[Collection entries]

——

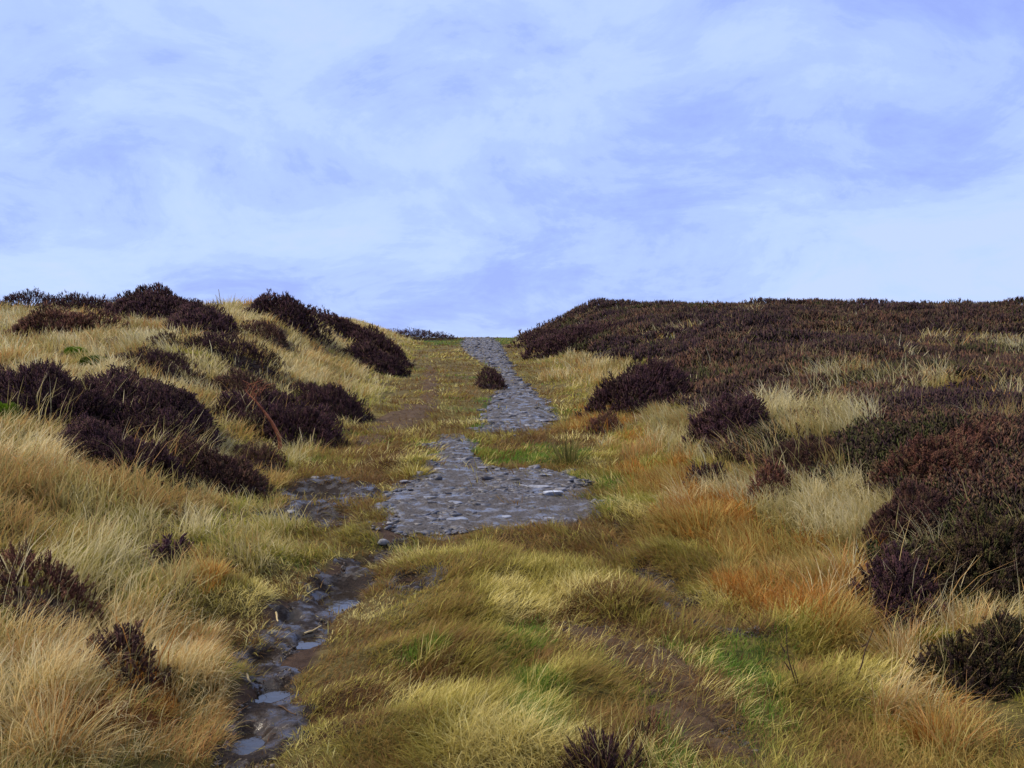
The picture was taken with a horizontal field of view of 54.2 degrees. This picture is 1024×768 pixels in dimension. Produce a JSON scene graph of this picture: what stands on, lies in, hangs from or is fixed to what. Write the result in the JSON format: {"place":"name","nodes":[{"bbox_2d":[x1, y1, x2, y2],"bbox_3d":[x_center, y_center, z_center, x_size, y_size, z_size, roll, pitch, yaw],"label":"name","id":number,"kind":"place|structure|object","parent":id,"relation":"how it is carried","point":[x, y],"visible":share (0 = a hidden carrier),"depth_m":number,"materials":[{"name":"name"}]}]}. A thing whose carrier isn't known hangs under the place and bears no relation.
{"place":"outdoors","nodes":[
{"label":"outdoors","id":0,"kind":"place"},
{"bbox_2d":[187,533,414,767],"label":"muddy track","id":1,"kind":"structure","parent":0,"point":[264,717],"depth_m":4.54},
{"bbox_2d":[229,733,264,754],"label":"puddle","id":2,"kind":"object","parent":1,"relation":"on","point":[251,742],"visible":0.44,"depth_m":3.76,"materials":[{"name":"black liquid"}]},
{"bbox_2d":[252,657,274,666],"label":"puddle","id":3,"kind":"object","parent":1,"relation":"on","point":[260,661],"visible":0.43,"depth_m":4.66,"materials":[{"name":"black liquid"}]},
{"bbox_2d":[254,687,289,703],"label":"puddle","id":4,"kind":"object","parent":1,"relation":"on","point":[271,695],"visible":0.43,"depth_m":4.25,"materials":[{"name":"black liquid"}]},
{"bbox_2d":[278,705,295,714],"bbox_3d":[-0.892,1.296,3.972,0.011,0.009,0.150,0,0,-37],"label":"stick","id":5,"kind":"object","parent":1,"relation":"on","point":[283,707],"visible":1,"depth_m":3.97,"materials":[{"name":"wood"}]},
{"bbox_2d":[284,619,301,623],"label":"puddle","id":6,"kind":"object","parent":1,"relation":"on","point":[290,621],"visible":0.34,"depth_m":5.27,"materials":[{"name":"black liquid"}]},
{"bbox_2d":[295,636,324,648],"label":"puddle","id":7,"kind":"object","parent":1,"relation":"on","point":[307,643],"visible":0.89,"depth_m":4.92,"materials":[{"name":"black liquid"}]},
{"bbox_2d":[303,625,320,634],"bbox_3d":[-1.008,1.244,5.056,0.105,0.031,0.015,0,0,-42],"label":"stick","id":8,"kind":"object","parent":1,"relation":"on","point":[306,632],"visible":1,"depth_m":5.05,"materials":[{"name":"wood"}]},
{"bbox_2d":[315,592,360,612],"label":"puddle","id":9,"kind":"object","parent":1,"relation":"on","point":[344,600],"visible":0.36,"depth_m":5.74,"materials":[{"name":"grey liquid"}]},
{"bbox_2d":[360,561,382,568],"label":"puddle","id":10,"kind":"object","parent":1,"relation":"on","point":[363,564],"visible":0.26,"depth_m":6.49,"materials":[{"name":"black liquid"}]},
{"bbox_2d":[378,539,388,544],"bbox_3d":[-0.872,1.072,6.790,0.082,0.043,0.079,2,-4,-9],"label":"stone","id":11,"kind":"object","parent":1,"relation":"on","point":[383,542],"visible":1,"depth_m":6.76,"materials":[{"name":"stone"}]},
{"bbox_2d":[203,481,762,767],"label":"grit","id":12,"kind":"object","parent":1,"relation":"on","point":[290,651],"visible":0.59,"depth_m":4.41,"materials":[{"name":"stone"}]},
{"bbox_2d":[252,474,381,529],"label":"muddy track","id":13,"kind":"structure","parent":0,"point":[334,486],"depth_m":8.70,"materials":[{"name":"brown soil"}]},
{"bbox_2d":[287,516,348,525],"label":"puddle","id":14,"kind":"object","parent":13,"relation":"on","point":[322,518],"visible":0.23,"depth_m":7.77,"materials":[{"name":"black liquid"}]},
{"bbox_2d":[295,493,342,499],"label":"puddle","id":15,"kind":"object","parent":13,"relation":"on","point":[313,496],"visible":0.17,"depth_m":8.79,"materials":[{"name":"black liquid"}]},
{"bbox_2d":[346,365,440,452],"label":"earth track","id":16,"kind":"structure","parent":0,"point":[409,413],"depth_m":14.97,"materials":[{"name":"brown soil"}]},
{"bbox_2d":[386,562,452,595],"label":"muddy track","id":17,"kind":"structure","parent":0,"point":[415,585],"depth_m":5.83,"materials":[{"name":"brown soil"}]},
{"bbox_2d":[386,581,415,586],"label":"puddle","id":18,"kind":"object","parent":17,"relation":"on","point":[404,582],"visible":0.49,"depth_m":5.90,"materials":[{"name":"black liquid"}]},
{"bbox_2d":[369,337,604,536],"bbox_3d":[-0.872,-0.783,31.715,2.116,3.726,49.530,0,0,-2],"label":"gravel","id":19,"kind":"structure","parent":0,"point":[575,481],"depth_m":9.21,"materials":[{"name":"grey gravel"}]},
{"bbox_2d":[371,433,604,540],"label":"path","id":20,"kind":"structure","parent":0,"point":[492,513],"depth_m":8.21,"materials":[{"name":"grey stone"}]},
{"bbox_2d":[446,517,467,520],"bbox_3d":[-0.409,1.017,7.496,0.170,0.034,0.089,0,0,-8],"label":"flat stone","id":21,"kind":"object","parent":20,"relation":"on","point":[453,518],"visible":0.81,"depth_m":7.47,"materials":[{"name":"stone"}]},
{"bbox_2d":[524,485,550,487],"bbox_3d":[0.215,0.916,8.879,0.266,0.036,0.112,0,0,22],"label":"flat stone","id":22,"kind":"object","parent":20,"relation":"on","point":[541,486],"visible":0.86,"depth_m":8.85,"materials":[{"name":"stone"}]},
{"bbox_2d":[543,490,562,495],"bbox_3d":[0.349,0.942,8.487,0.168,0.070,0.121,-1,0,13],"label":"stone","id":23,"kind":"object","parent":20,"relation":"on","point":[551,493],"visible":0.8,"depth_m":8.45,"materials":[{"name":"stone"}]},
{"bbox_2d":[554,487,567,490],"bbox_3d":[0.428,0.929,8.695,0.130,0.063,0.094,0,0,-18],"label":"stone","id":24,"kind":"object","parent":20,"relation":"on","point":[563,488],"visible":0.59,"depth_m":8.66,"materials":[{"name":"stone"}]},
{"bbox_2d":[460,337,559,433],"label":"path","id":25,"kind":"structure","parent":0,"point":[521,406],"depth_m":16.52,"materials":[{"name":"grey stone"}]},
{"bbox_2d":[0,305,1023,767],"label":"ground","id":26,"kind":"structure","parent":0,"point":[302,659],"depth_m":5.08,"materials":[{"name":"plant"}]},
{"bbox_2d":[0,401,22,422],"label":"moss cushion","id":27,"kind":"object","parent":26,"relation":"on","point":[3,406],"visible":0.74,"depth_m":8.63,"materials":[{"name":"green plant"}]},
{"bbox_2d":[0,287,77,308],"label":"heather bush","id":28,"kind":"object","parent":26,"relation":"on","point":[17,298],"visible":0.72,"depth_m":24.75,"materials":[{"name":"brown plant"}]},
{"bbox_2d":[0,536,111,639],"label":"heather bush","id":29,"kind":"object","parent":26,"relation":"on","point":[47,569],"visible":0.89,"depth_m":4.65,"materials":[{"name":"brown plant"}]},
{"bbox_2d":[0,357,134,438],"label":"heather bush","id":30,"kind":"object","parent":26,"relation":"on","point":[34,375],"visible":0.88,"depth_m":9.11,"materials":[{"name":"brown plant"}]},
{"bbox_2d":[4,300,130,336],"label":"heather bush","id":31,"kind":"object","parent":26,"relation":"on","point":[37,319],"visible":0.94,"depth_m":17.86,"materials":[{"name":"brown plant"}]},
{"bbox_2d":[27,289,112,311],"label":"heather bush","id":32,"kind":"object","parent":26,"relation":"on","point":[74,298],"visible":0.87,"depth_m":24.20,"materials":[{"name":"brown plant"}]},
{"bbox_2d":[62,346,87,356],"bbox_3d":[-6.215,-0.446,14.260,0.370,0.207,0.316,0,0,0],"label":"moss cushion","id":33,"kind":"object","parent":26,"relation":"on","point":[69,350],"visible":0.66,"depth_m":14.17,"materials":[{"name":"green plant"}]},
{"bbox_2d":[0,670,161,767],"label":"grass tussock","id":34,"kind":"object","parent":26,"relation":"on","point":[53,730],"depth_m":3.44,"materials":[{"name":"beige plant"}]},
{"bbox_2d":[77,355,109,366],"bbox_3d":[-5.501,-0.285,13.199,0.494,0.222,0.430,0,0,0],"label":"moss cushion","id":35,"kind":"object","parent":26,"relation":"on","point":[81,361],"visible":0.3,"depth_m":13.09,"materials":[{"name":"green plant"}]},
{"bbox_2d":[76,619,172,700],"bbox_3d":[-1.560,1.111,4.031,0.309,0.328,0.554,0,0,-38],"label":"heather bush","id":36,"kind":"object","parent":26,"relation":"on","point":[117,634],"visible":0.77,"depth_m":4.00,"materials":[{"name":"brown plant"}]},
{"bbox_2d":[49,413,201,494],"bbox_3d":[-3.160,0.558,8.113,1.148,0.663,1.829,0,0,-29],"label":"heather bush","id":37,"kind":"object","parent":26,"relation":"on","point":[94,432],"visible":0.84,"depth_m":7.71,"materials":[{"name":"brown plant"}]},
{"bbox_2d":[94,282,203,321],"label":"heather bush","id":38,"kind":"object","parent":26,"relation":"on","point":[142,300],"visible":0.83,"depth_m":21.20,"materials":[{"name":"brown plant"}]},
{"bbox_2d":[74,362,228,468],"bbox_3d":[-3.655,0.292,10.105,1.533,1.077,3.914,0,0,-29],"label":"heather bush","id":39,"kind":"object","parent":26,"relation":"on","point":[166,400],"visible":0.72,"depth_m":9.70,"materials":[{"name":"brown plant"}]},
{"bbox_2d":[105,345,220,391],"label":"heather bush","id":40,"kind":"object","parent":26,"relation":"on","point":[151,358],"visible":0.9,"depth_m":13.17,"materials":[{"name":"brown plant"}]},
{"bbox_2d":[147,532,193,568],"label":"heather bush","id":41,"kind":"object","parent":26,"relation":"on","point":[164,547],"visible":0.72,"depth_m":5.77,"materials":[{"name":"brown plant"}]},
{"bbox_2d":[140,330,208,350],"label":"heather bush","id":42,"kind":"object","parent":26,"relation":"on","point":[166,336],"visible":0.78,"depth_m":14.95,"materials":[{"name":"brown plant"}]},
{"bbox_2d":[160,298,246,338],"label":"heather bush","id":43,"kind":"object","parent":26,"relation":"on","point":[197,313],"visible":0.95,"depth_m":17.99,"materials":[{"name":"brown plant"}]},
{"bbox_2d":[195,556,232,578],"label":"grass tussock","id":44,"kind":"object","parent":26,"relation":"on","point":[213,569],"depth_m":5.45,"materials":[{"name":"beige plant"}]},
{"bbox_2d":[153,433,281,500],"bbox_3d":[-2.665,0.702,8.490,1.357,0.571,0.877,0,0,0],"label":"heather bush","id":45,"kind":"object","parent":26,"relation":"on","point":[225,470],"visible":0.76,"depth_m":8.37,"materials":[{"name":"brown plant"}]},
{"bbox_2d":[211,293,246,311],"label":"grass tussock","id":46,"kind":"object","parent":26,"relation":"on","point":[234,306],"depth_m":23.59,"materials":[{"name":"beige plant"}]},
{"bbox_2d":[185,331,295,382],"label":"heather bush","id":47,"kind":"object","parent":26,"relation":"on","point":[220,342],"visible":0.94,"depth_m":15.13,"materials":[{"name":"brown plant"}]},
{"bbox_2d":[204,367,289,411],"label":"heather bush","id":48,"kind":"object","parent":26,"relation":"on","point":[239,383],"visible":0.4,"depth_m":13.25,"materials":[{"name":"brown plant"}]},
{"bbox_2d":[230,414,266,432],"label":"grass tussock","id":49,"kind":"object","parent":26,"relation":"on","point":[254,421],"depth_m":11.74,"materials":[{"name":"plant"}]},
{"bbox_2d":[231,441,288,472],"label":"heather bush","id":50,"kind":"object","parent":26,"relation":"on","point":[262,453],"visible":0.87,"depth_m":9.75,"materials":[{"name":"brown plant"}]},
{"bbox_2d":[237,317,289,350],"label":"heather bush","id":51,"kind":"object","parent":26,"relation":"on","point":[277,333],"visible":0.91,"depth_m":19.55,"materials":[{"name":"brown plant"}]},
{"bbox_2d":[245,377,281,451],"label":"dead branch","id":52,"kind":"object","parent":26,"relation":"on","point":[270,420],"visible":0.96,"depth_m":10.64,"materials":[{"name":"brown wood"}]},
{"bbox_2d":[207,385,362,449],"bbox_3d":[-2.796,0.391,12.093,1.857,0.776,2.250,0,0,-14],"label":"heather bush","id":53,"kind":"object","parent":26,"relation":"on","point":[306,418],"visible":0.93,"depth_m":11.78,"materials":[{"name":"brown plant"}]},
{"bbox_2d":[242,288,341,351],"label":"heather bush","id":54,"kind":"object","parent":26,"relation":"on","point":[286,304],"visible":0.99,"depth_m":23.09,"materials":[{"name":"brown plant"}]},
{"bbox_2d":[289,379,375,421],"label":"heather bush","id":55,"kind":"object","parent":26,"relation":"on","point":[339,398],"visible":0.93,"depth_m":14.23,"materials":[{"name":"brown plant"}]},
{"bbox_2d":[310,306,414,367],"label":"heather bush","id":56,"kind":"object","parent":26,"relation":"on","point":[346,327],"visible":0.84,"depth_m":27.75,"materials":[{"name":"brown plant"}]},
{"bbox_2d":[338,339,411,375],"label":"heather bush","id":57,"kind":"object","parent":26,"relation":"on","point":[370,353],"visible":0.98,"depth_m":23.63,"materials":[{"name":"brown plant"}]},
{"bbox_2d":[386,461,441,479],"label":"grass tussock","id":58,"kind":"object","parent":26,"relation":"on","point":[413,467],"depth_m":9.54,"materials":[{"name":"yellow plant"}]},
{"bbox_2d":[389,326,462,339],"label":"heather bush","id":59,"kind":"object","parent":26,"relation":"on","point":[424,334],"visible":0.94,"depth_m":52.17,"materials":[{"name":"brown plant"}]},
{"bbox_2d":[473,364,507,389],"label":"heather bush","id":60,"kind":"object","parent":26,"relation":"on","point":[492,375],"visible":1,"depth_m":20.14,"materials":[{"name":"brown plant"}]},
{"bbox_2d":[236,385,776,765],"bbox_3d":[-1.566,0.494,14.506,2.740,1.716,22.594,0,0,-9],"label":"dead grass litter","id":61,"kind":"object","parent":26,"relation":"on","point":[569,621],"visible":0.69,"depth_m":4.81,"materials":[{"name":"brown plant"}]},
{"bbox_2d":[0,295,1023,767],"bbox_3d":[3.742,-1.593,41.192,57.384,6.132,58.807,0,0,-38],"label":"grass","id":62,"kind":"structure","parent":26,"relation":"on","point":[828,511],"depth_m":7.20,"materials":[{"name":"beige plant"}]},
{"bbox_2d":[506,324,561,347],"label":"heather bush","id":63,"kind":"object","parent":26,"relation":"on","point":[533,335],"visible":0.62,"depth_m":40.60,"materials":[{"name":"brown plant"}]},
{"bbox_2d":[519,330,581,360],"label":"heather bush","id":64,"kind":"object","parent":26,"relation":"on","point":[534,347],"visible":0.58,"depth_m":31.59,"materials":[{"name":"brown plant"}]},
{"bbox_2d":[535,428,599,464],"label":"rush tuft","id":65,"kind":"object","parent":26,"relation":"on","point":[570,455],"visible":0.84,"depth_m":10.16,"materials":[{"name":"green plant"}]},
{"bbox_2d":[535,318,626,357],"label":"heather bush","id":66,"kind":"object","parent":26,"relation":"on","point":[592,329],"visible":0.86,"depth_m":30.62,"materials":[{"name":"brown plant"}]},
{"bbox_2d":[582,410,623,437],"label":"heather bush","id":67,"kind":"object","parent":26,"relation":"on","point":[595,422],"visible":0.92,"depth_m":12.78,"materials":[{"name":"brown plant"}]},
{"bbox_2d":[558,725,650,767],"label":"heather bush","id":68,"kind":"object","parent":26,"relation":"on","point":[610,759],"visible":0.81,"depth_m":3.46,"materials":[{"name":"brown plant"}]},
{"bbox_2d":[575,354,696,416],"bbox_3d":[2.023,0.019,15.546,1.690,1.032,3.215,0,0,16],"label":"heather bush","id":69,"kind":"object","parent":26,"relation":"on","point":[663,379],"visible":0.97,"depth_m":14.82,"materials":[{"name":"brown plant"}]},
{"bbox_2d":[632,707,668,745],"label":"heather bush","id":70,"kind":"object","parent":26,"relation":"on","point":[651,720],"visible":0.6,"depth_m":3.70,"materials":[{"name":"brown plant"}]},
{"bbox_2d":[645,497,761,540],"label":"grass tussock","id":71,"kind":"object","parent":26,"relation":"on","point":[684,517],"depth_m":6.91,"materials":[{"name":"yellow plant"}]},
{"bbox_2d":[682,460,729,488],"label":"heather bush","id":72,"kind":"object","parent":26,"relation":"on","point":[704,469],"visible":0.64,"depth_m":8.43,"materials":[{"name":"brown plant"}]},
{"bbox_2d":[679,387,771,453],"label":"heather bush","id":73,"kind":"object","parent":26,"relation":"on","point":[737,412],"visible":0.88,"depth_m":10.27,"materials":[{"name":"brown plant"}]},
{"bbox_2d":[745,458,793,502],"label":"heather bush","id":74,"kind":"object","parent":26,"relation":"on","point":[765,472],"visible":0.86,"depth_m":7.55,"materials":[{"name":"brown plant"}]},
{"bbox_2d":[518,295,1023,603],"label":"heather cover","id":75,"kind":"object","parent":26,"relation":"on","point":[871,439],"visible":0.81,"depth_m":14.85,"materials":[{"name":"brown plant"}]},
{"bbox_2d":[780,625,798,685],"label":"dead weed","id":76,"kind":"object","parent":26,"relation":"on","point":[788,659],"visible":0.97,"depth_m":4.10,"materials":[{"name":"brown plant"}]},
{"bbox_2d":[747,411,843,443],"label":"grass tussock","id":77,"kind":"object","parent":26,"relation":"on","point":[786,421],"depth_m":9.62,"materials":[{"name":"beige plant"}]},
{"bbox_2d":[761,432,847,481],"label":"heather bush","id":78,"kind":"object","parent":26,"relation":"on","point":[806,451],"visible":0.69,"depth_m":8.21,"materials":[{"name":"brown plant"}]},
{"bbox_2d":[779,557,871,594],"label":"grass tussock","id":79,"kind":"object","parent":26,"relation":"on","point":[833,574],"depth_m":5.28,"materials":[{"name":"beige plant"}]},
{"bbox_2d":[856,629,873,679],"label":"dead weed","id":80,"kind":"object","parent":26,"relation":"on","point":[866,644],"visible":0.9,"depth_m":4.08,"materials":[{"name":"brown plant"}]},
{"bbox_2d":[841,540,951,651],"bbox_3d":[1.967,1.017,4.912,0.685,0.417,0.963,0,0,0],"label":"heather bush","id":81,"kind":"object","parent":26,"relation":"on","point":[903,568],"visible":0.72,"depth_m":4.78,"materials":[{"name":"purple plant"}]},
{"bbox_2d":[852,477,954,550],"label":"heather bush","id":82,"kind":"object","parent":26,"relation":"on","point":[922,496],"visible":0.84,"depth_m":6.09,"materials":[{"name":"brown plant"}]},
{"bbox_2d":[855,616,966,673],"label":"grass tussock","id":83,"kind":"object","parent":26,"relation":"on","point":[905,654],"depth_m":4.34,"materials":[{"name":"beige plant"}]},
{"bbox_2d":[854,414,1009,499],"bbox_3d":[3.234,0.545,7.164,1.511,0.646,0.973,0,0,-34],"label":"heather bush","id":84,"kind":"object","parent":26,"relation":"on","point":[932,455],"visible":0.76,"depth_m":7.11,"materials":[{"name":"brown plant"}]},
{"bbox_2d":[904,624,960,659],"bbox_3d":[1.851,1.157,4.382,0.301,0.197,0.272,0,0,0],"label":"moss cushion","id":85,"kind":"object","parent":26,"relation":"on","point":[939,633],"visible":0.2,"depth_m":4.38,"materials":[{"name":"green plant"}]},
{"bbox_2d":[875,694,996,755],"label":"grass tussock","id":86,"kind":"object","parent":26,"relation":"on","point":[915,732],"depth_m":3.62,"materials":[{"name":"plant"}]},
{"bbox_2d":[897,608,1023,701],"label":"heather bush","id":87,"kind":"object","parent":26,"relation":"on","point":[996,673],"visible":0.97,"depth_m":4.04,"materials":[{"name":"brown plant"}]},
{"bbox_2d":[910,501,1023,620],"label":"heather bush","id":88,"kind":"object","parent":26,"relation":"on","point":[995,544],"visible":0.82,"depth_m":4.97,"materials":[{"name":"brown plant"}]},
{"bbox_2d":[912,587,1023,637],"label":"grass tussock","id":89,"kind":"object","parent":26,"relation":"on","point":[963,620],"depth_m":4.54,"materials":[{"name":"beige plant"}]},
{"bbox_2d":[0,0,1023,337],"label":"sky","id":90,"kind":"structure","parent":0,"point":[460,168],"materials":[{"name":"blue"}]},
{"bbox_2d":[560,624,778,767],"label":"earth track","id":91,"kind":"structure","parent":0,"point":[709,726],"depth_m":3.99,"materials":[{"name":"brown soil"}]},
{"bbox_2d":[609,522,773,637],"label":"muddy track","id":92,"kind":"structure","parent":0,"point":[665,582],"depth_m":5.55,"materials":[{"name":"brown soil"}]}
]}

——

- _Work task_: Your answer should consist of every line from the entries that holds "flat".

- _Result of the task_:
{"bbox_2d":[446,517,467,520],"bbox_3d":[-0.409,1.017,7.496,0.170,0.034,0.089,0,0,-8],"label":"flat stone","id":21,"kind":"object","parent":20,"relation":"on","point":[453,518],"visible":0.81,"depth_m":7.47,"materials":[{"name":"stone"}]},
{"bbox_2d":[524,485,550,487],"bbox_3d":[0.215,0.916,8.879,0.266,0.036,0.112,0,0,22],"label":"flat stone","id":22,"kind":"object","parent":20,"relation":"on","point":[541,486],"visible":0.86,"depth_m":8.85,"materials":[{"name":"stone"}]},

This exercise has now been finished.